Task instructions —
Nothing outside the range below should be printed. Output exactly the lines from the line with "road: tertiary, surface: asphalt, light: Day" to the line with "road: secondary", both included.

===== Input data

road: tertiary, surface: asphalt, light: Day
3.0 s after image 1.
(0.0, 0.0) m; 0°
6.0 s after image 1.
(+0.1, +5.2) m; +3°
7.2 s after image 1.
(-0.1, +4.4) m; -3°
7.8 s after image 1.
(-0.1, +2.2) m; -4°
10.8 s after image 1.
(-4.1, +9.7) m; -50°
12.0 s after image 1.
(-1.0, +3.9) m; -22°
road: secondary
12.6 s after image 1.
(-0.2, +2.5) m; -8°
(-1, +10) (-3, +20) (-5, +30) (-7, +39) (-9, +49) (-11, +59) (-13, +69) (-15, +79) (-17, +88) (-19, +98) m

==========
===== Input data

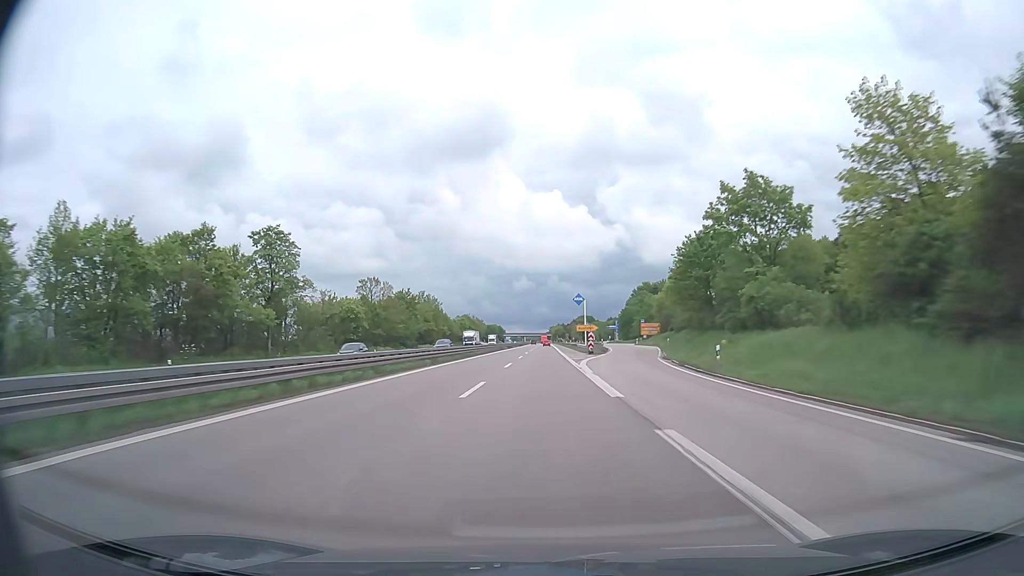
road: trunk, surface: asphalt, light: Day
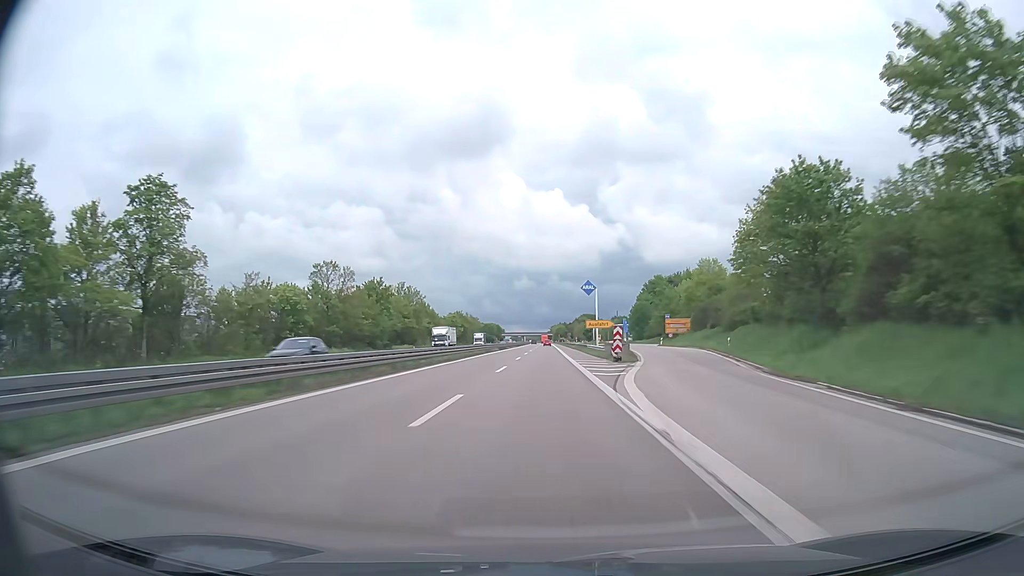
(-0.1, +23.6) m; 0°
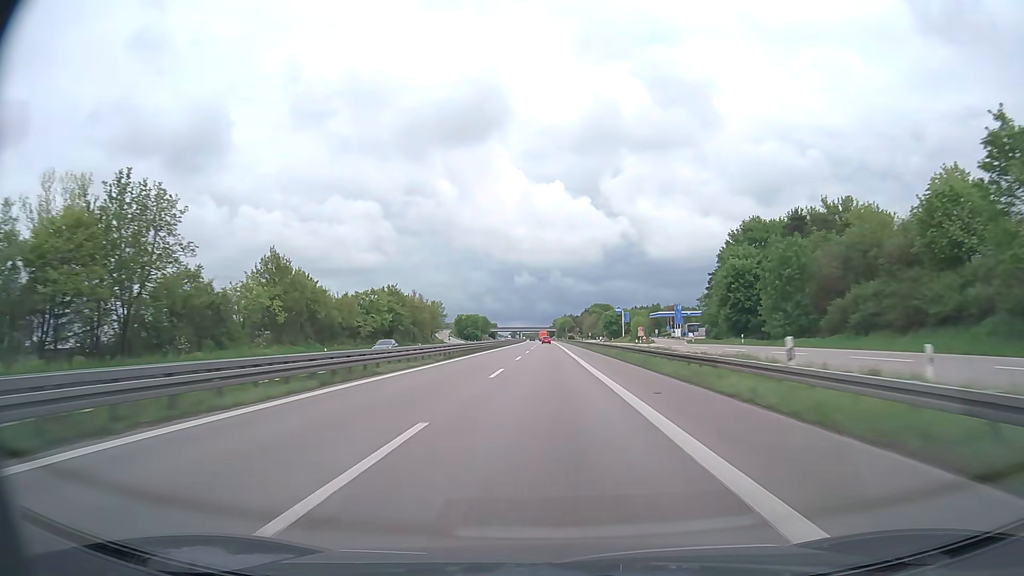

==========
===== Input data

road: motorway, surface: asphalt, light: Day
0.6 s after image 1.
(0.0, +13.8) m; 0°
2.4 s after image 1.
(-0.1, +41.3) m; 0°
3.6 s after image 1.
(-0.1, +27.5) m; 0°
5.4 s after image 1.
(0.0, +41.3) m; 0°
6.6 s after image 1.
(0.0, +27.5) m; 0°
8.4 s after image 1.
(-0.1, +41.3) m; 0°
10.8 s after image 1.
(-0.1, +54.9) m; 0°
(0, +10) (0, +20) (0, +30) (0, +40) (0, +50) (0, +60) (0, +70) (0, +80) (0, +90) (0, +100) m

==========

Written solution —
road: tertiary, surface: asphalt, light: Day
3.0 s after image 1.
(0.0, 0.0) m; 0°
6.0 s after image 1.
(+0.1, +5.2) m; +3°
7.2 s after image 1.
(-0.1, +4.4) m; -3°
7.8 s after image 1.
(-0.1, +2.2) m; -4°
10.8 s after image 1.
(-4.1, +9.7) m; -50°
12.0 s after image 1.
(-1.0, +3.9) m; -22°
road: secondary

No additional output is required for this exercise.